§ **Supplied entries**

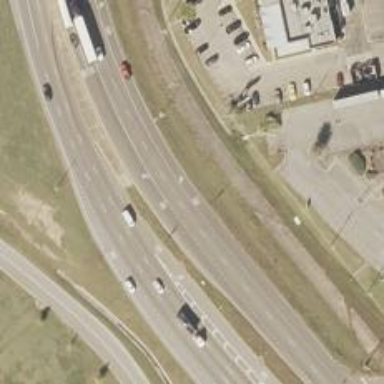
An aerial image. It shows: Asphalt road designated as trunk highway.
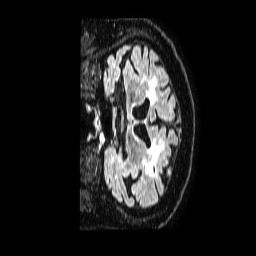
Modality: FLAIR
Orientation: coronal
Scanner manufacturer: philips
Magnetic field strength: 1.5 T
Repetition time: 4.8 s
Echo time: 0.3 s

§ **Your task**
Restate all of the data word for word and include no pictures.

§ **Output for this task**
An aerial image. It shows: Asphalt road designated as trunk highway.
Modality: FLAIR
Orientation: coronal
Scanner manufacturer: philips
Magnetic field strength: 1.5 T
Repetition time: 4.8 s
Echo time: 0.3 s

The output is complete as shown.